# pic of the top of the motor



## SouthDakotaA6 (Apr 27, 2009)

so i know this really does not help much but for a while I have been working on my a6. I ended up by swapping out turbos and what not well right now i am in the part of the job where i need to hook everything back up i need a favor can anyone take a pic of there motor , there is a plug i can not figure out what it plugs into it is on the driverside top of the motor a 3pin purple plug and it is not very long and i have ether been working on the damn car to long or i will be pissed and i forgot somthing i will take a pic and post when i get out to where my car is at. thank you for reading all this crap. any help would be amazing thank you


----------



## GLS-S4 (Jun 6, 2005)

*Re: pic of the top of the motor (SouthDakotaA6)*

Not sure if this helps


----------



## SouthDakotaA6 (Apr 27, 2009)

*Re: pic of the top of the motor (GLS-S4)*

that helps thank you i may take a pic of the plug and put it on here and see if that would help a bit more but thank you


----------



## GLS-S4 (Jun 6, 2005)

*Re: pic of the top of the motor (SouthDakotaA6)*

If we knew which specific connector and it's location, I'm sure we could help http://****************.com/smile/emthup.gif


----------



## SouthDakotaA6 (Apr 27, 2009)

*Re: pic of the top of the motor (GLS-S4)*

i will be at the garage where it is at tomorrow so i will have the pic and what not, thanks again for the help


----------



## SouthDakotaA6 (Apr 27, 2009)

*Re: pic of the top of the motor (SouthDakotaA6)*

 http://s701.photobucket.com/al...tmany

here is a link to photo bucket here are some pics of the plug please if you can tell me where this damn thing goes it would be amazing thank you


----------



## GLS-S4 (Jun 6, 2005)

*Re: pic of the top of the motor (SouthDakotaA6)*

Linky no worky, perhaps copy the photo url and place between







tags


----------



## SouthDakotaA6 (Apr 27, 2009)

*Re: pic of the top of the motor (GLS-S4)*










_Modified by SouthDakotaA6 at 6:43 PM 9-4-2009_










_Modified by SouthDakotaA6 at 6:44 PM 9-4-2009_


----------



## GLS-S4 (Jun 6, 2005)

*Re: pic of the top of the motor (SouthDakotaA6)*

It looks suspiciously like a connector for a driver side fuel injector.
You can see them in the pic I posted earlier, follow fuel rail on driver side to see three injector connections tucked underneath.
BTW wire spring clip is missing from connector so it won't be able to lock in position once installed so perhaps try to find it http://****************.com/smile/emthup.gif 


_Modified by GLS-S4 at 12:21 AM 9-6-2009_


----------



## SouthDakotaA6 (Apr 27, 2009)

*Re: pic of the top of the motor (GLS-S4)*

so i used a code reader and it threw a cam shaft sensor any ideas? on if that could be what that plug is ?


----------



## GLS-S4 (Jun 6, 2005)

*Re: pic of the top of the motor (SouthDakotaA6)*

Could be... does the wire reach? Look in my pic above to see driver side Camshaft Adjuster connector beside oil dipstick.
FWIW on several 2.7T's here, the Fuel Injector connectors are all black (identical to your pic) and the driver side Camshaft Adjuster connector is same size but grey in color.
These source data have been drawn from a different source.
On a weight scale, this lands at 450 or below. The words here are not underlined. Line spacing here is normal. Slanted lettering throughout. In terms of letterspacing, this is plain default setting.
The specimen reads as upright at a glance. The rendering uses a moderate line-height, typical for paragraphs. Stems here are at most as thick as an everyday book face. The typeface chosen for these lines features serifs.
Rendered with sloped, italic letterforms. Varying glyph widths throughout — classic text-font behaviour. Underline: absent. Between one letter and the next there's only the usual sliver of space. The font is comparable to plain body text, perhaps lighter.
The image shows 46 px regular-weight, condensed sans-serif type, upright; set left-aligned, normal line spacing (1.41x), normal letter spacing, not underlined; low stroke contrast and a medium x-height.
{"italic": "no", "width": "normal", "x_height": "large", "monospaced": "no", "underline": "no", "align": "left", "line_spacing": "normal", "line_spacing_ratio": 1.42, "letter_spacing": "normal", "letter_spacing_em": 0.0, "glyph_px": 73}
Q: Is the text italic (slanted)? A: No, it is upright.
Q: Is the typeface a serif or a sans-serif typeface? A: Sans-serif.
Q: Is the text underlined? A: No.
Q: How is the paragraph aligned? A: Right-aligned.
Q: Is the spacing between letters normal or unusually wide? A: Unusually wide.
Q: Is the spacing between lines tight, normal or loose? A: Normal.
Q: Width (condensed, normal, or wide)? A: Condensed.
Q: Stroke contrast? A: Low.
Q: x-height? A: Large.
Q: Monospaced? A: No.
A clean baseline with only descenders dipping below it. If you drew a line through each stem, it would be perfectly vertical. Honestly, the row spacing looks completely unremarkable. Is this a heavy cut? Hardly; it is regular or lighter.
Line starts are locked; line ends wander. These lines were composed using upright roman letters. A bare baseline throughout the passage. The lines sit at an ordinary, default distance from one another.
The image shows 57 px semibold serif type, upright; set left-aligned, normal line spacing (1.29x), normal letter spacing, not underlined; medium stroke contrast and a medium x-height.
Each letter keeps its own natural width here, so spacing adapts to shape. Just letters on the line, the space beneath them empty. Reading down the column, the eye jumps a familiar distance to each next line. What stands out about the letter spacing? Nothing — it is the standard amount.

_Modified by GLS-S4 at 1:59 PM 9-6-2009_


----------



## JBallou (Jan 6, 2009)

If it is the cam sensor plug, it is under the silver intake pipe at the end of the drivers side head. Hard to see.


----------



## SouthDakotaA6 (Apr 27, 2009)

*Re: (JBallou)*

thanks everyone for the help but as much as this hurts me to say on friday i went out to the car to start it and give it a spin after driving 400 miles and the tranny took a **** so after towing it we will see what is wrong with it now and from there my struggle with this car may continue but we will see thanks


----------



## SouthDakotaA6 (Apr 27, 2009)

*Re: (SouthDakotaA6)*

so i do another post I am trading the car as is the dealership is letting me take the turbos that i had just put on they only have 400 miles on them i was thinking about selling them for a $1,000 does anyone know where a decent place to sell them are at if I can get a grand i will take them off if anything less then that i will say f it and leave them on


----------